George Stephanopoulos crosses the moveable line

     Peter Schweizer (left) appears on ABC's This Week with George Stephanopoulos to discuss 'Clinton Cash'(Electronic image via youtube.com)

    Peter Schweizer (left) appears on ABC's This Week with George Stephanopoulos to discuss 'Clinton Cash'(Electronic image via youtube.com)

    In the film Broadcast News, a TV network producer scolds a reporter for an ethical breach. She shouts at him, “You totally crossed the line!” But the reporter shrugs, “It’s hard not to cross it. They keep moving the little sucker, don’t they!”

    Broadcast News was released in 1987; in the subsequent quarter century, the ethics of TV journalism (or maybe it should be TV “journalism”) have only gotten shoddier. That little sucker keeps moving. The latest case in point: George Stephanopoulos and ABC News.

    By now, you probably know what happened. A conservative website revealed this week that Stephanopoulos, the ABC News Sunday talk show host, donated $50,000 to the Clinton Foundation – but failed to share that information with viewers last month when he conducted an adversarial interview with author Peter Schweizer, whose new book is critical of the Clinton Foundation. And yesterday, having been outed, Stephanopoulos said that his donations totaled $75,000.

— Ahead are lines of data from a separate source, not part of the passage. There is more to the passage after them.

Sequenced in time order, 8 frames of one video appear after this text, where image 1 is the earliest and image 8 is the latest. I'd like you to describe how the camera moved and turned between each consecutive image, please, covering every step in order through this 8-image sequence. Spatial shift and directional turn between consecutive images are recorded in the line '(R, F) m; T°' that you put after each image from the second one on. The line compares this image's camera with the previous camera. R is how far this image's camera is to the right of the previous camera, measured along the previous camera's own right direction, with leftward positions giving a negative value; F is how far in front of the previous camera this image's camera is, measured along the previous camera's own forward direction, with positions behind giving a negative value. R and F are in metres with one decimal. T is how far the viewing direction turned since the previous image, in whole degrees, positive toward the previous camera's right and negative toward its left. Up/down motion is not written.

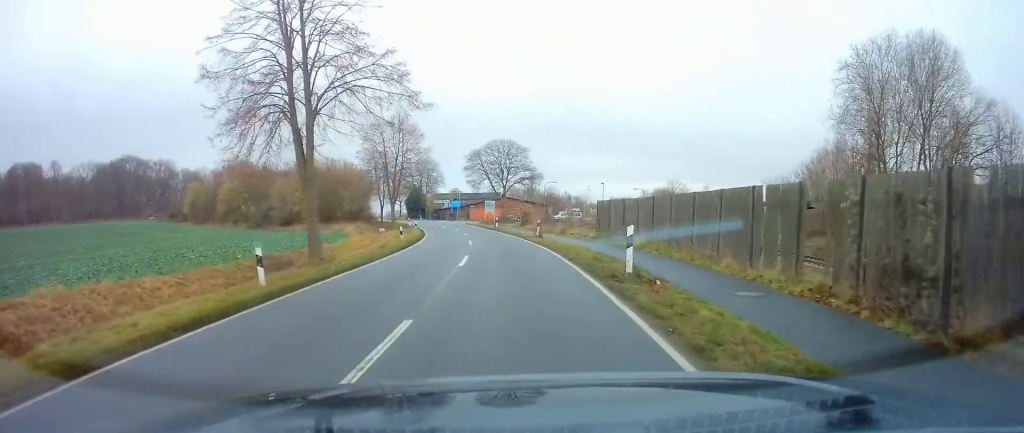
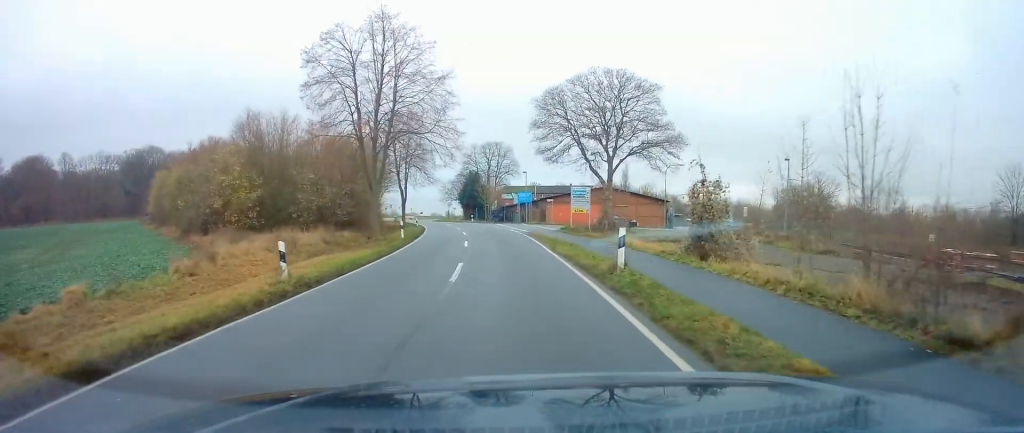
(-3.6, +39.5) m; -10°
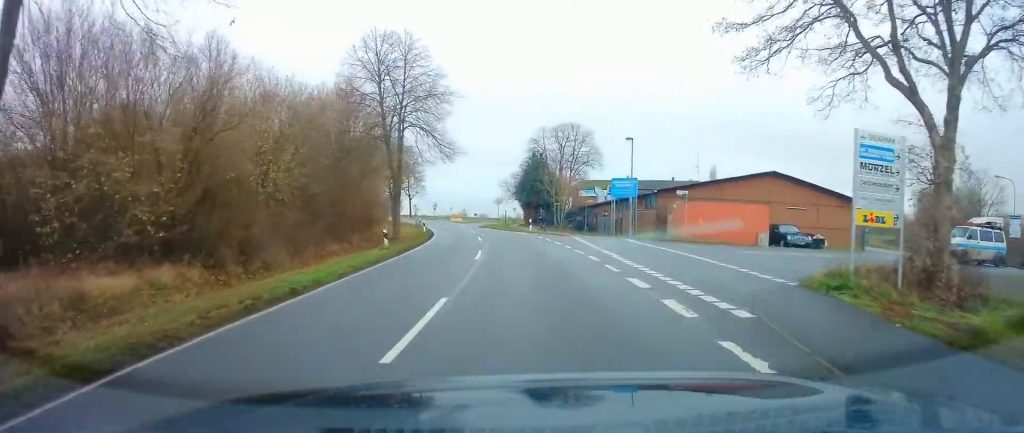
(-1.4, +30.5) m; -6°
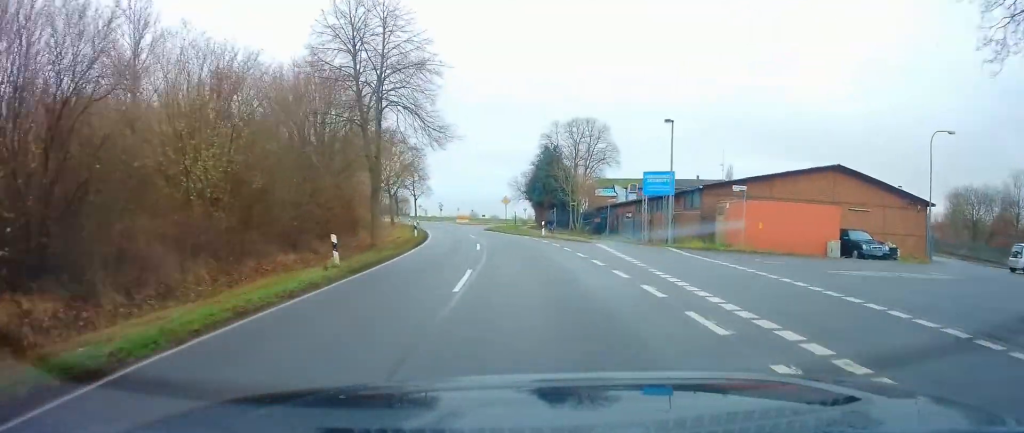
(0.0, +6.9) m; -2°
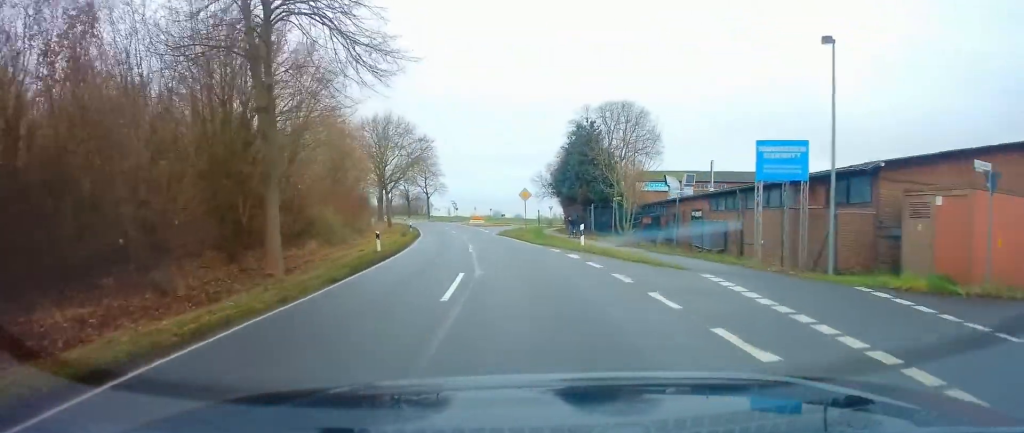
(-0.5, +13.1) m; -3°
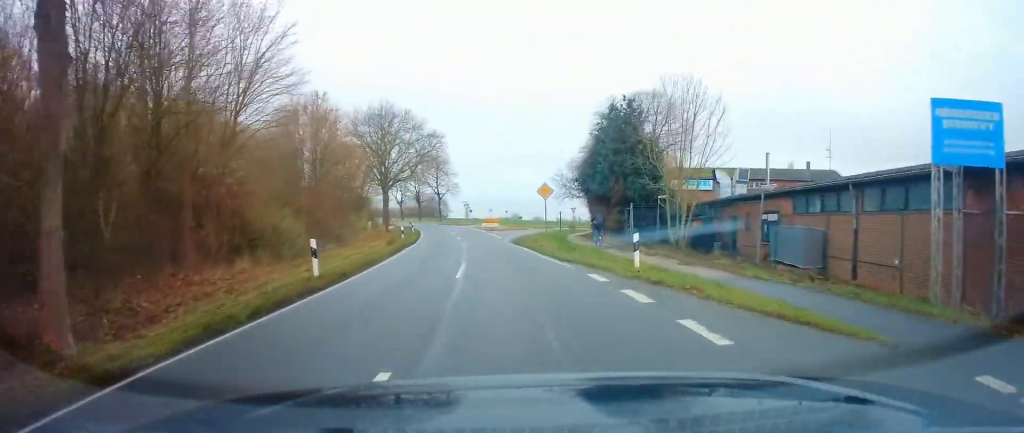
(-0.3, +8.2) m; -2°
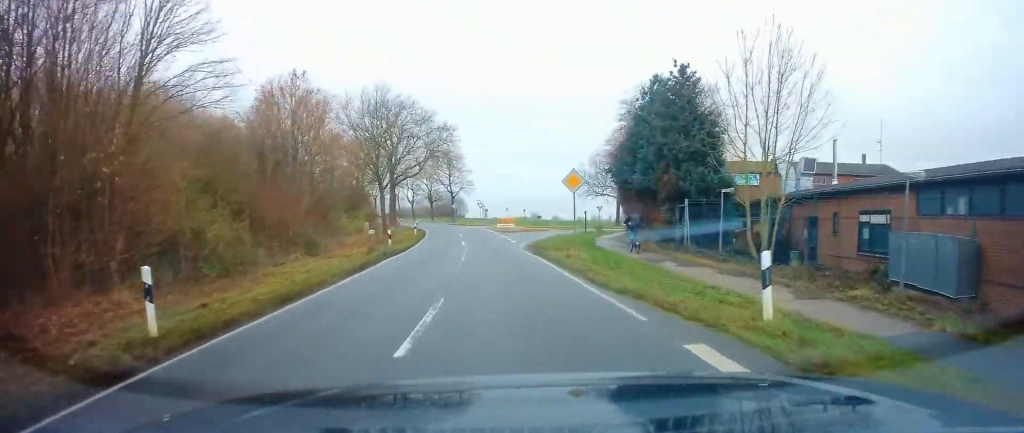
(0.0, +7.2) m; -2°
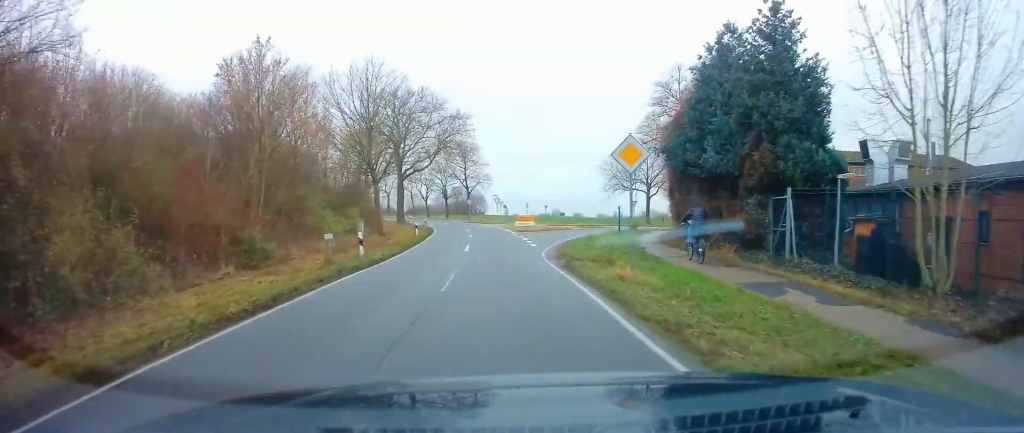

    The fact that a TV news anchor gave all that money to the Clintons – coupled, of course, with the fact that he worked in the White House with the Clintons – and then interviewed a conservative critic of the Clintons, to the point of defending the Clintons, without ever revealing his donations to the Clintons….Good grief. That’s what we old-timers, raised in the traditional world of journalism, would call a fricking blatant conflict of interest.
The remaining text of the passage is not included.